> _WHAT TO PRODUCE_: Copy each line below word for word and drop every image.
### MATERIAL FOR THIS TASK
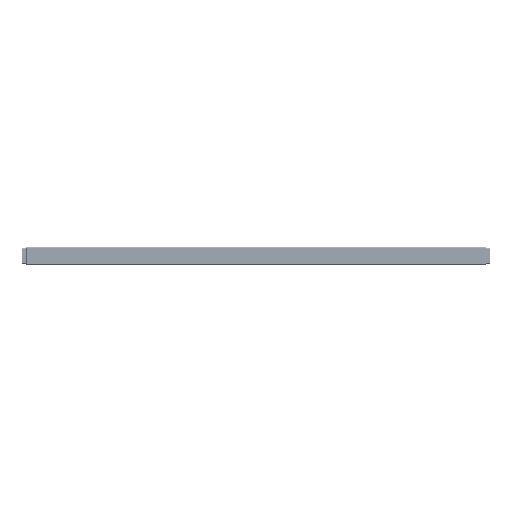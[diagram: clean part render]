
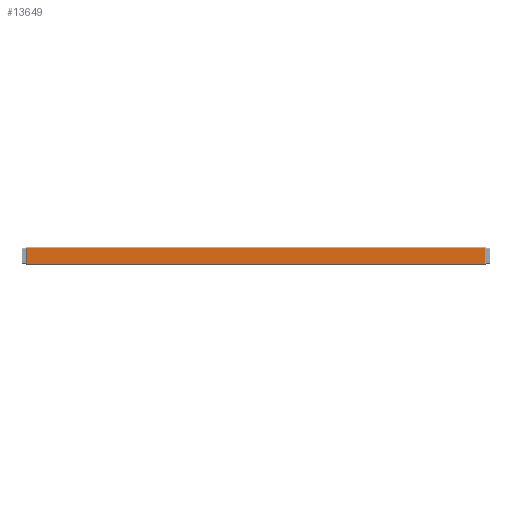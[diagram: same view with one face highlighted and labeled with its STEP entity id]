
A CAD part, front view. The second image highlights one B-rep face of the part: STEP entity #13649.
In plain terms, the highlighted planar face has unit normal (0, -1, 0).
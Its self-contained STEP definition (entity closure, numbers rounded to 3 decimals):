
#10910=FACE_OUTER_BOUND('',#26877,.T.);
#13649=ADVANCED_FACE('',(#10910),#17697,.T.);
#17697=PLANE('',#78532);
#26877=EDGE_LOOP('',(#33018,#33019,#33020,#33021));
#33018=ORIENTED_EDGE('',*,*,#58466,.T.);
#33019=ORIENTED_EDGE('',*,*,#58467,.T.);
#33020=ORIENTED_EDGE('',*,*,#58468,.T.);
#33021=ORIENTED_EDGE('',*,*,#58469,.T.);
#51778=VERTEX_POINT('',#105316);
#51779=VERTEX_POINT('',#105317);
#51780=VERTEX_POINT('',#105319);
#51781=VERTEX_POINT('',#105321);
#58466=EDGE_CURVE('',#51778,#51779,#67756,.T.);
#58467=EDGE_CURVE('',#51779,#51780,#67757,.T.);
#58468=EDGE_CURVE('',#51780,#51781,#67758,.T.);
#58469=EDGE_CURVE('',#51781,#51778,#67759,.T.);
#67756=LINE('',#105315,#73224);
#67757=LINE('',#105318,#73225);
#67758=LINE('',#105320,#73226);
#67759=LINE('',#105322,#73227);
#73224=VECTOR('',#85571,1.);
#73225=VECTOR('',#85572,1.);
#73226=VECTOR('',#85573,1.);
#73227=VECTOR('',#85574,1.);
#78532=AXIS2_PLACEMENT_3D('',#105323,#85575,#85576);
#85571=DIRECTION('',(-1.,0.,0.));
#85572=DIRECTION('',(0.,0.,-1.));
#85573=DIRECTION('',(1.,0.,0.));
#85574=DIRECTION('',(0.,0.,1.));
#85575=DIRECTION('',(0.,-1.,0.));
#85576=DIRECTION('',(0.,0.,1.));
#105315=CARTESIAN_POINT('',(200.,0.,14.25));
#105316=CARTESIAN_POINT('',(399.275,0.,14.25));
#105317=CARTESIAN_POINT('',(0.725,0.,14.25));
#105318=CARTESIAN_POINT('',(0.725,0.,0.));
#105319=CARTESIAN_POINT('',(0.725,0.,0.75));
#105320=CARTESIAN_POINT('',(200.,0.,0.75));
#105321=CARTESIAN_POINT('',(399.275,0.,0.75));
#105322=CARTESIAN_POINT('',(399.275,0.,0.));
#105323=CARTESIAN_POINT('',(200.,0.,0.));
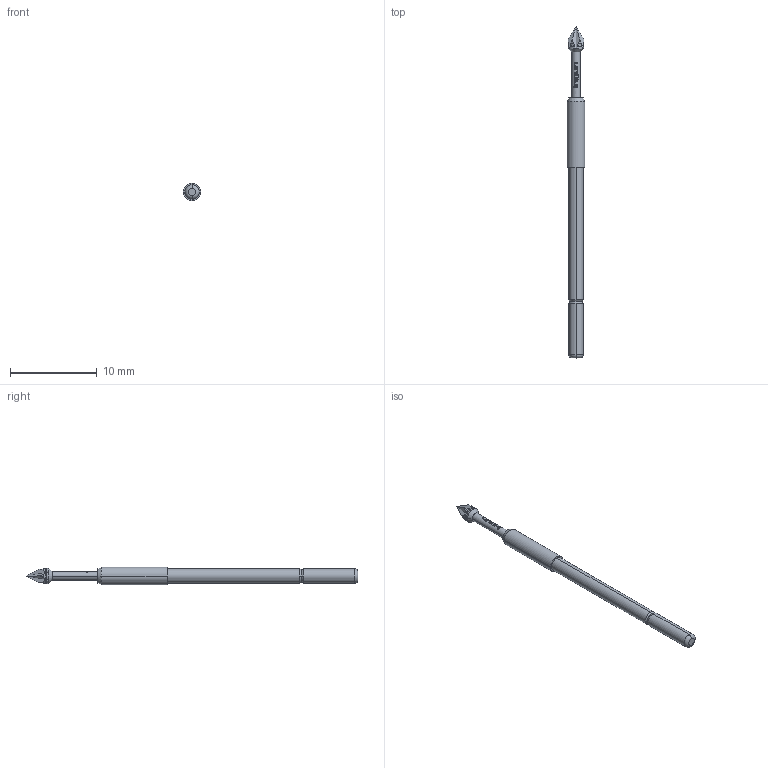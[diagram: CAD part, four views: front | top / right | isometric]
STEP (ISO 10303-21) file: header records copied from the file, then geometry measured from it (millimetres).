
FILE_DESCRIPTION (( 'STEP AP203' ), '1' );
FILE_NAME ('INGUN_HSS-118_317_175_A_xx08.STEP', '2022-02-01T08:32:43', ( 'ochi' ), ( '' ), 'SwSTEP 2.0', 'SolidWorks 2018', '' );
FILE_SCHEMA (( 'CONFIG_CONTROL_DESIGN' ));
Length unit declared in the file: millimetre
Products named in the file (1): INGUN_HSS-118_317_175_A_xx08
Bounding box: 2 x 38.3 x 2 mm (x, y, z)
Volume: 79.2 mm3; surface area: 198.5 mm2
Topology: 1 solids, 1 shells, 127 faces, 332 edges, 215 vertices
Faces by surface type: plane 55, cylinder 28, bspline 22, torus 18, cone 4
Entity records: 4269 total; most frequent: CARTESIAN_POINT 1355, ORIENTED_EDGE 664, DIRECTION 498, EDGE_CURVE 332, VERTEX_POINT 215, AXIS2_PLACEMENT_3D 206, EDGE_LOOP 135, ADVANCED_FACE 127
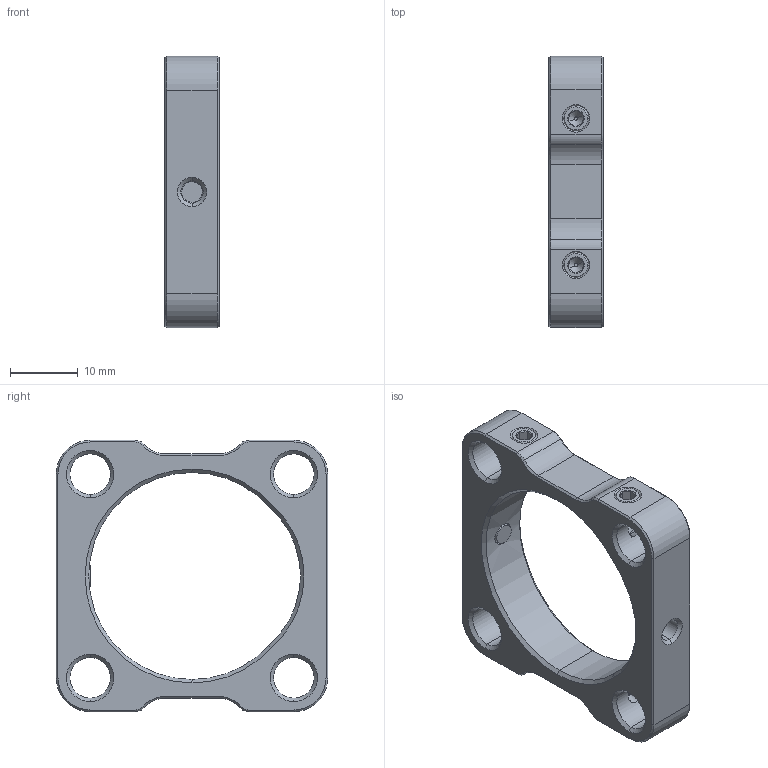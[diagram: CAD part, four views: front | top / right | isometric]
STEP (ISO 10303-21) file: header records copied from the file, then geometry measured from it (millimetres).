
FILE_DESCRIPTION (( 'STEP AP214' ), '1' );
FILE_NAME ('2.2.1.14_L30B-T1.2_30 mm笼板，用于1.2英寸通孔，侧边顶丝固定，M4螺纹.STEP', '2021-07-21T05:50:19', ( 'Microsoft' ), ( 'Microsoft' ), 'SwSTEP 2.0', 'SolidWorks 2018', '' );
FILE_SCHEMA (( 'AUTOMOTIVE_DESIGN' ));
Length unit declared in the file: millimetre
Products named in the file (1): 2.2.1.14_L30B-T1.2_30 mm笼板，用于1.2英寸通孔，侧边顶丝固定，M4螺纹
Bounding box: 8 x 40 x 40 mm (x, y, z)
Surface area: 4281.4 mm2 (no closed solid volume)
Topology: 0 solids, 11 shells, 217 faces, 492 edges, 280 vertices
Faces by surface type: cone 112, plane 67, cylinder 38
Entity records: 8696 total; most frequent: CARTESIAN_POINT 1454, DIRECTION 1070, ORIENTED_EDGE 924, EDGE_CURVE 484, AXIS2_PLACEMENT_3D 416, VERTEX_POINT 280, EDGE_LOOP 244, LINE 238
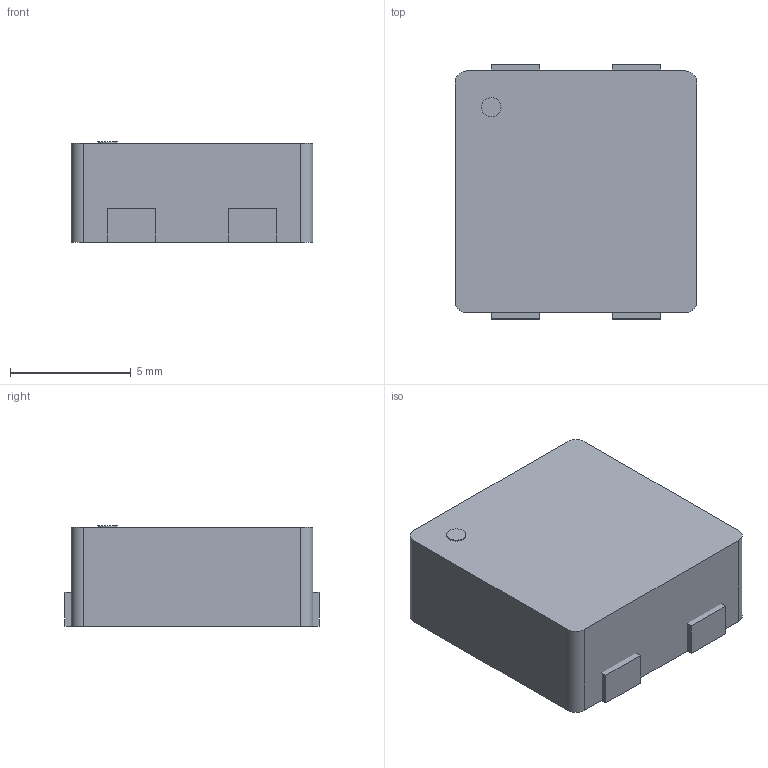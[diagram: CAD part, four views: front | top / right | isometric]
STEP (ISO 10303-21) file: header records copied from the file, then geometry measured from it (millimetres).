
FILE_DESCRIPTION(('Open CASCADE Model'),'2;1');
FILE_NAME('Open CASCADE Shape Model','2026-01-29T22:38:00',('Author'),( 'Open CASCADE'),'Open CASCADE STEP processor 7.8','Open CASCADE 7.8' ,'Unknown');
FILE_SCHEMA(('AUTOMOTIVE_DESIGN { 1 0 10303 214 1 1 1 1 }'));
Length unit declared in the file: millimetre
Products named in the file (4): c8f5e6ec-fd5a-11f0-ae15-02fb3c9c4bbd; body; pads; marker
Assembly tree (3 placements, depth 2):
  c8f5e6ec-fd5a-11f0-ae15-02fb3c9c4bbd
    body
    pads
    marker
Bounding box: 10 x 10.5 x 4.15 mm (x, y, z)
Volume: 437.1 mm3; surface area: 451.6 mm2
Topology: 6 solids, 6 shells, 37 faces, 75 edges, 50 vertices
Faces by surface type: plane 32, cylinder 5
Full cylindrical faces by diameter (mm): 0.8 x1
Entity records: 2048 total; most frequent: CARTESIAN_POINT 340, DIRECTION 313, LINE 205, VECTOR 205, ORIENTED_EDGE 150, PCURVE 150, DEFINITIONAL_REPRESENTATION 150, EDGE_CURVE 75
######
> _ANSWER SPACE_:
[diagram: clean part render]
[diagram: same view with one face highlighted and labeled with its STEP entity id]
A CAD part, front view. The second image highlights one B-rep face of the part: STEP entity #13649.
In plain terms, the highlighted planar face has unit normal (0, -1, 0).
Its self-contained STEP definition (entity closure, numbers rounded to 3 decimals):
#10910=FACE_OUTER_BOUND('',#26877,.T.);
#13649=ADVANCED_FACE('',(#10910),#17697,.T.);
#17697=PLANE('',#78532);
#26877=EDGE_LOOP('',(#33018,#33019,#33020,#33021));
#33018=ORIENTED_EDGE('',*,*,#58466,.T.);
#33019=ORIENTED_EDGE('',*,*,#58467,.T.);
#33020=ORIENTED_EDGE('',*,*,#58468,.T.);
#33021=ORIENTED_EDGE('',*,*,#58469,.T.);
#51778=VERTEX_POINT('',#105316);
#51779=VERTEX_POINT('',#105317);
#51780=VERTEX_POINT('',#105319);
#51781=VERTEX_POINT('',#105321);
#58466=EDGE_CURVE('',#51778,#51779,#67756,.T.);
#58467=EDGE_CURVE('',#51779,#51780,#67757,.T.);
#58468=EDGE_CURVE('',#51780,#51781,#67758,.T.);
#58469=EDGE_CURVE('',#51781,#51778,#67759,.T.);
#67756=LINE('',#105315,#73224);
#67757=LINE('',#105318,#73225);
#67758=LINE('',#105320,#73226);
#67759=LINE('',#105322,#73227);
#73224=VECTOR('',#85571,1.);
#73225=VECTOR('',#85572,1.);
#73226=VECTOR('',#85573,1.);
#73227=VECTOR('',#85574,1.);
#78532=AXIS2_PLACEMENT_3D('',#105323,#85575,#85576);
#85571=DIRECTION('',(-1.,0.,0.));
#85572=DIRECTION('',(0.,0.,-1.));
#85573=DIRECTION('',(1.,0.,0.));
#85574=DIRECTION('',(0.,0.,1.));
#85575=DIRECTION('',(0.,-1.,0.));
#85576=DIRECTION('',(0.,0.,1.));
#105315=CARTESIAN_POINT('',(200.,0.,14.25));
#105316=CARTESIAN_POINT('',(399.275,0.,14.25));
#105317=CARTESIAN_POINT('',(0.725,0.,14.25));
#105318=CARTESIAN_POINT('',(0.725,0.,0.));
#105319=CARTESIAN_POINT('',(0.725,0.,0.75));
#105320=CARTESIAN_POINT('',(200.,0.,0.75));
#105321=CARTESIAN_POINT('',(399.275,0.,0.75));
#105322=CARTESIAN_POINT('',(399.275,0.,0.));
#105323=CARTESIAN_POINT('',(200.,0.,0.));
[diagram: CAD part, four views: front | top / right | isometric]
STEP (ISO 10303-21) file: header records copied from the file, then geometry measured from it (millimetres).
FILE_DESCRIPTION (( 'STEP AP203' ), '1' );
FILE_NAME ('INGUN_HSS-118_317_175_A_xx08.STEP', '2022-02-01T08:32:43', ( 'ochi' ), ( '' ), 'SwSTEP 2.0', 'SolidWorks 2018', '' );
FILE_SCHEMA (( 'CONFIG_CONTROL_DESIGN' ));
Length unit declared in the file: millimetre
Products named in the file (1): INGUN_HSS-118_317_175_A_xx08
Bounding box: 2 x 38.3 x 2 mm (x, y, z)
Volume: 79.2 mm3; surface area: 198.5 mm2
Topology: 1 solids, 1 shells, 127 faces, 332 edges, 215 vertices
Faces by surface type: plane 55, cylinder 28, bspline 22, torus 18, cone 4
Entity records: 4269 total; most frequent: CARTESIAN_POINT 1355, ORIENTED_EDGE 664, DIRECTION 498, EDGE_CURVE 332, VERTEX_POINT 215, AXIS2_PLACEMENT_3D 206, EDGE_LOOP 135, ADVANCED_FACE 127
[diagram: CAD part, four views: front | top / right | isometric]
STEP (ISO 10303-21) file: header records copied from the file, then geometry measured from it (millimetres).
FILE_DESCRIPTION (( 'STEP AP214' ), '1' );
FILE_NAME ('2.2.1.14_L30B-T1.2_30 mm笼板，用于1.2英寸通孔，侧边顶丝固定，M4螺纹.STEP', '2021-07-21T05:50:19', ( 'Microsoft' ), ( 'Microsoft' ), 'SwSTEP 2.0', 'SolidWorks 2018', '' );
FILE_SCHEMA (( 'AUTOMOTIVE_DESIGN' ));
Length unit declared in the file: millimetre
Products named in the file (1): 2.2.1.14_L30B-T1.2_30 mm笼板，用于1.2英寸通孔，侧边顶丝固定，M4螺纹
Bounding box: 8 x 40 x 40 mm (x, y, z)
Surface area: 4281.4 mm2 (no closed solid volume)
Topology: 0 solids, 11 shells, 217 faces, 492 edges, 280 vertices
Faces by surface type: cone 112, plane 67, cylinder 38
Entity records: 8696 total; most frequent: CARTESIAN_POINT 1454, DIRECTION 1070, ORIENTED_EDGE 924, EDGE_CURVE 484, AXIS2_PLACEMENT_3D 416, VERTEX_POINT 280, EDGE_LOOP 244, LINE 238
[diagram: CAD part, four views: front | top / right | isometric]
STEP (ISO 10303-21) file: header records copied from the file, then geometry measured from it (millimetres).
FILE_DESCRIPTION(('Open CASCADE Model'),'2;1');
FILE_NAME('Open CASCADE Shape Model','2026-01-29T22:38:00',('Author'),( 'Open CASCADE'),'Open CASCADE STEP processor 7.8','Open CASCADE 7.8' ,'Unknown');
FILE_SCHEMA(('AUTOMOTIVE_DESIGN { 1 0 10303 214 1 1 1 1 }'));
Length unit declared in the file: millimetre
Products named in the file (4): c8f5e6ec-fd5a-11f0-ae15-02fb3c9c4bbd; body; pads; marker
Assembly tree (3 placements, depth 2):
  c8f5e6ec-fd5a-11f0-ae15-02fb3c9c4bbd
    body
    pads
    marker
Bounding box: 10 x 10.5 x 4.15 mm (x, y, z)
Volume: 437.1 mm3; surface area: 451.6 mm2
Topology: 6 solids, 6 shells, 37 faces, 75 edges, 50 vertices
Faces by surface type: plane 32, cylinder 5
Full cylindrical faces by diameter (mm): 0.8 x1
Entity records: 2048 total; most frequent: CARTESIAN_POINT 340, DIRECTION 313, LINE 205, VECTOR 205, ORIENTED_EDGE 150, PCURVE 150, DEFINITIONAL_REPRESENTATION 150, EDGE_CURVE 75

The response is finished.